Y ¿Se Puede Hablar Con Dios?

Discipulado "¿Y Ahora Qué?" - Lección 3

Orar es conversar con Dios. Orar es conectarte con tu Creador, con aquél que te conoce, y que dio a Su Hijo para que diese su vida por ti.
Orar es como tomar un teléfono celular y marcar a la línea directa de Dios. Es conversar con tu Señor. Y a Él no le importa que utilicemos o no palabras solemnes o ceremoniosas. Él desea que platiquemos con Él, tal y como platicas con un amigo o con tus padres. Él es el mejor amigo que podrás tener, a quien puedes confiarle todo. Él es nuestro Padre celestial, ese Padre amoroso que nunca nos dejará.

Pero a muchos de nosotros nos da miedo hablar con Dios porque no sabemos qué decir, cómo decir, o cuándo decirlo. O si lo decimos, ¿cómo saber si nos escucha?

Déjame decirte algo, Dios es quien quiere hablar contigo. Él está más interesado que tú mismo en hablar contigo. Y quizás has pensado ¿a poco así de sencillo es hablar con Dios? Es muy probable que los discípulos de Jesús también pensaran que la oración tenía que ser algo complicado, porque una vez le dijeron: “Enséñanos a orar” (Lucas 11:1)

Quizás pensaron que Dios estaba muy muy lejos, que era inalcanzable. Quizás no sabían qué decir, cómo decirlo o cuándo hacerlo. Pero cuando veían a Jesús orar, sabían que era diferente. Podían ver a un Hijo conectándose con su Padre en una profunda relación. Y ellos querían eso.

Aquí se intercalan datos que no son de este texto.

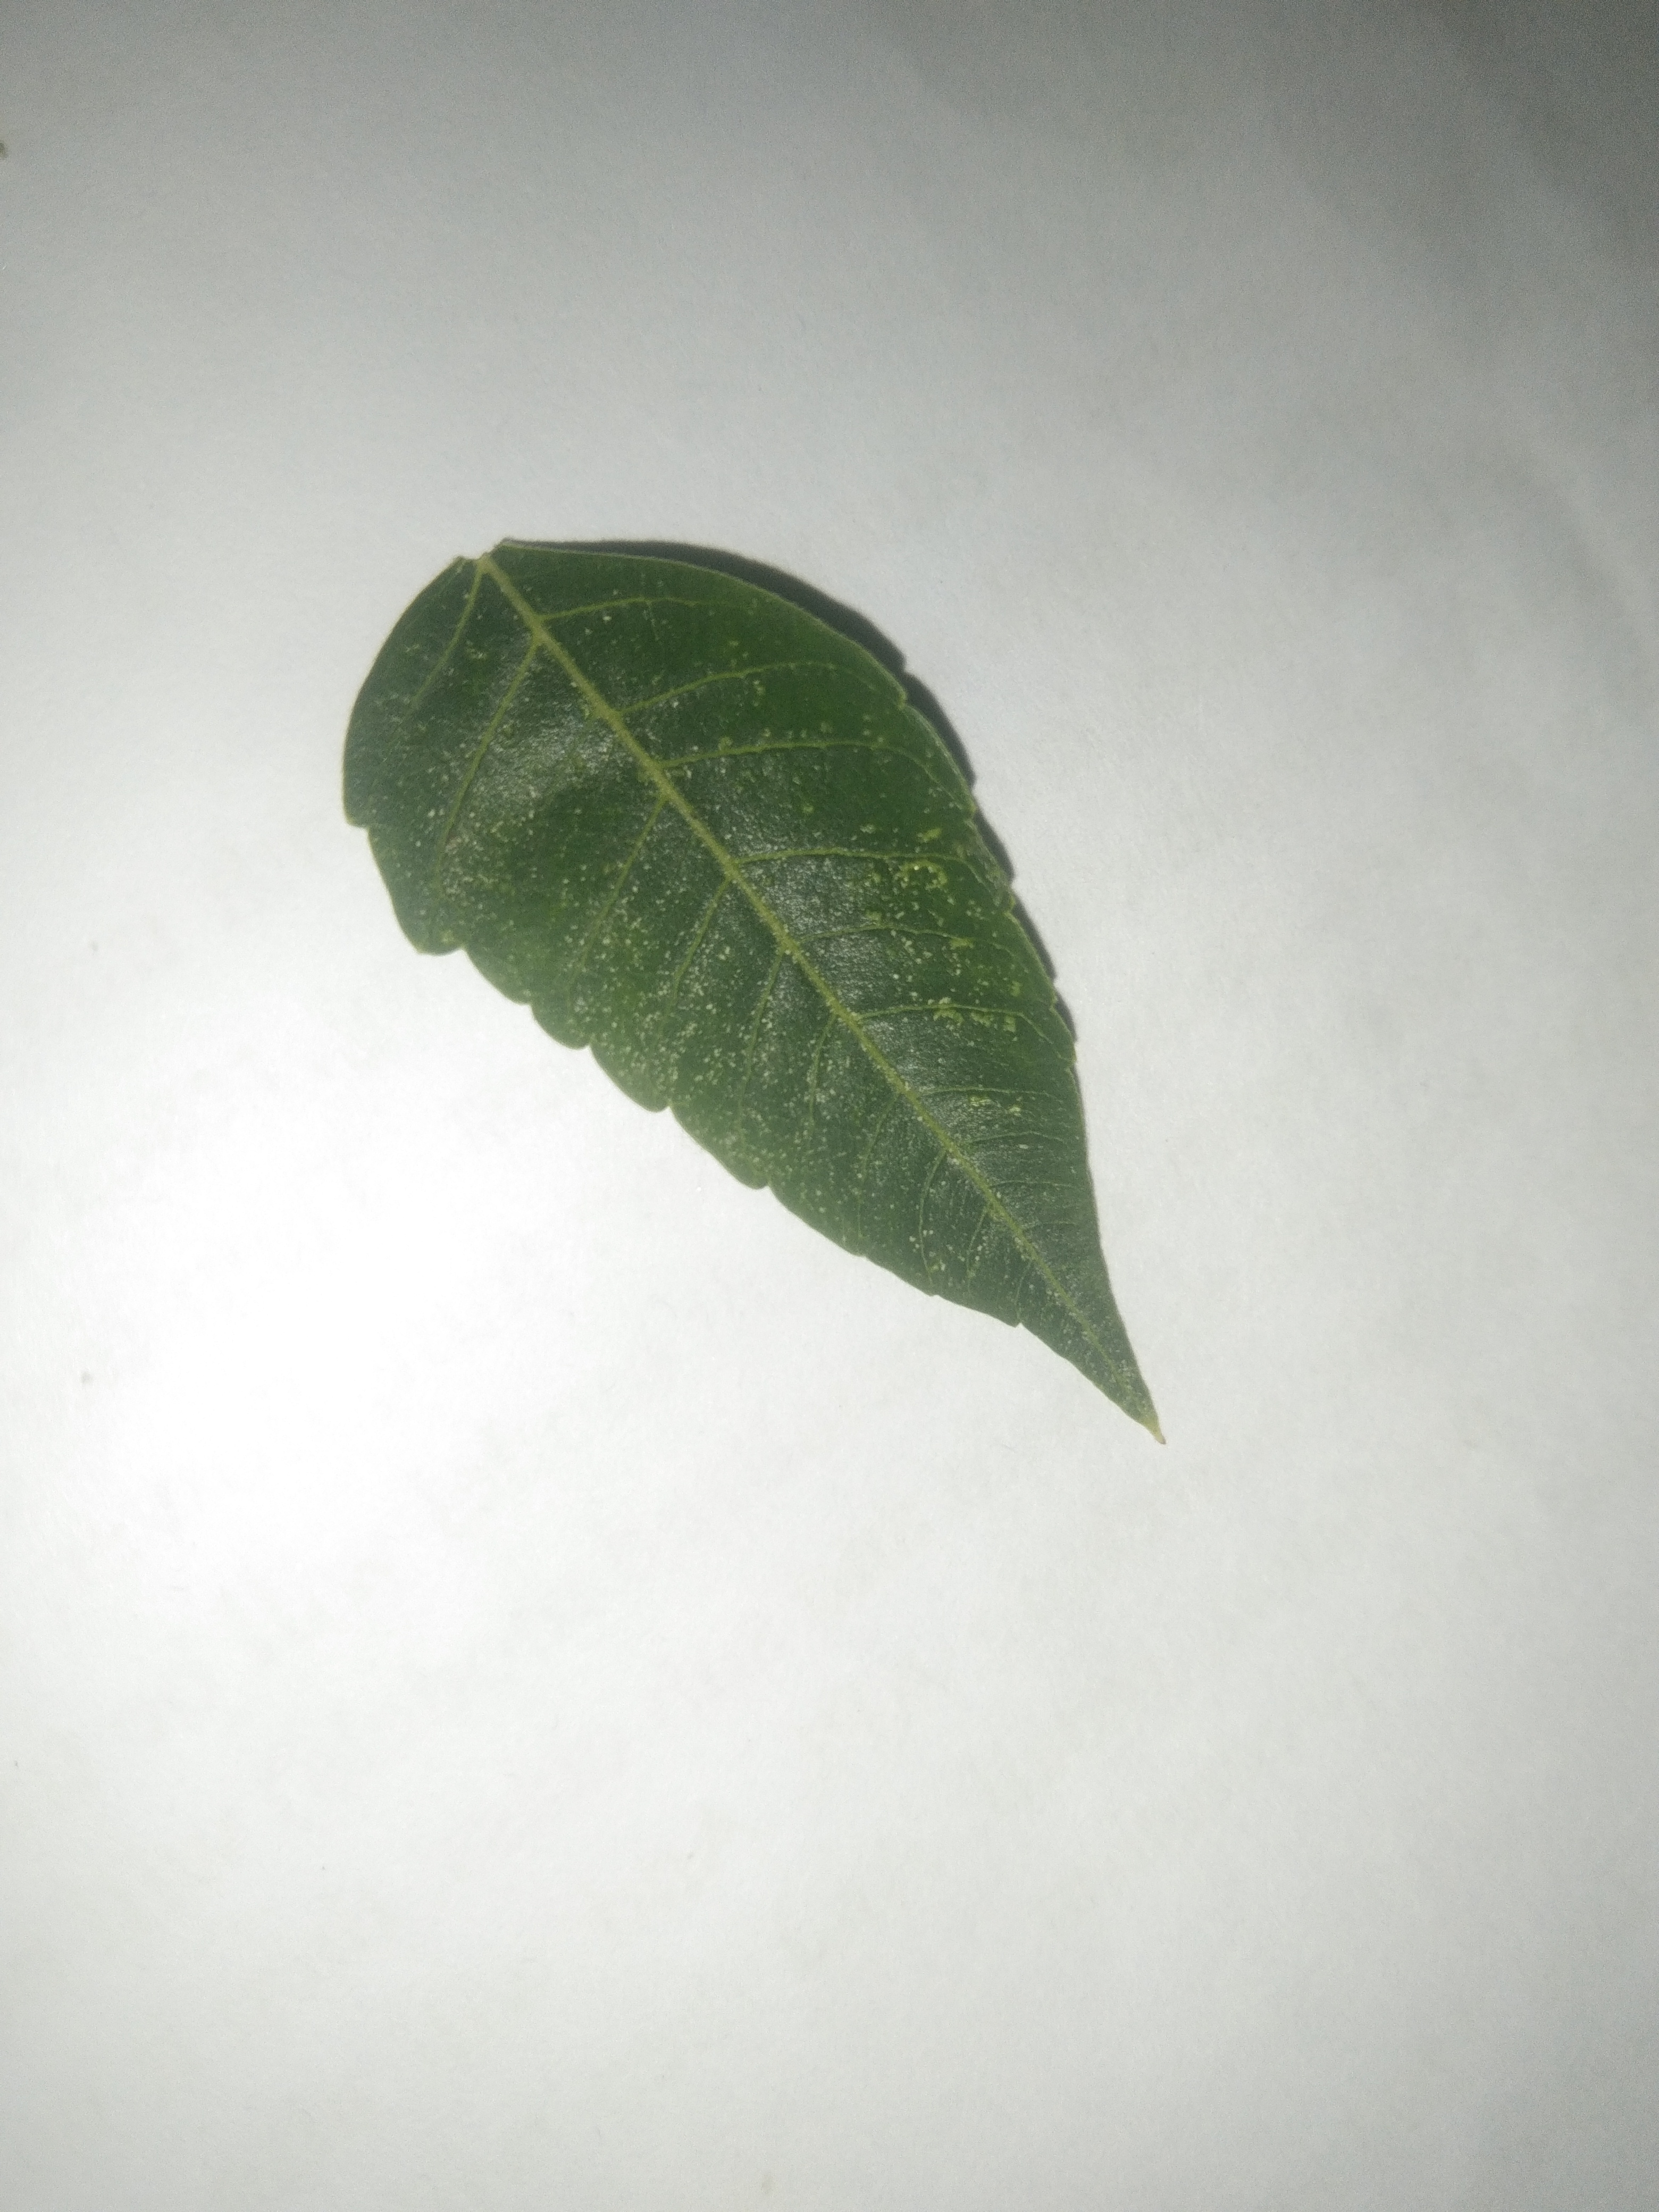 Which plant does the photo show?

Jesús gustosamente les respondió: Cuando oren háganlo así, “Padre nuestro que estás en los cielos, santificado sea tu nombre, venga tu reino. Tu voluntad sea hecha en la tierra así como es hecha en el cielo. Danos hoy el pan de cada día. Perdona nuestras ofensas, como también nosotros perdonamos a los que nos ofenden. Y no nos dejes caer en la tentación, líbranos del maligno” (Mateo 6:9-13).

Para nada complicado. Este es un modelo, no para repetir, sino para basar nuestras conversaciones con Dios.

1. Padre nuestro que estás en los cielos. El comienzo es reconocer a Dios, no tan sólo como Dios, sino como un Padre, tu Padre. Un Padre que nunca te dejará.

2. Santificado sea tu nombre. Él es Dios, y es importante recordar que Él es el único digno de nuestra alabanza. Por tanto debemos honrarle, glorificarle con nuestros labios.

3. Venga tu reino, sea hecha tu voluntad en la tierra como es hecha en los cielos. Esto significa reconocer tu deseo de que en tu vida no se haga más tu voluntad, sino la de Él. Reconocer que el rey de tu vida es Jesús.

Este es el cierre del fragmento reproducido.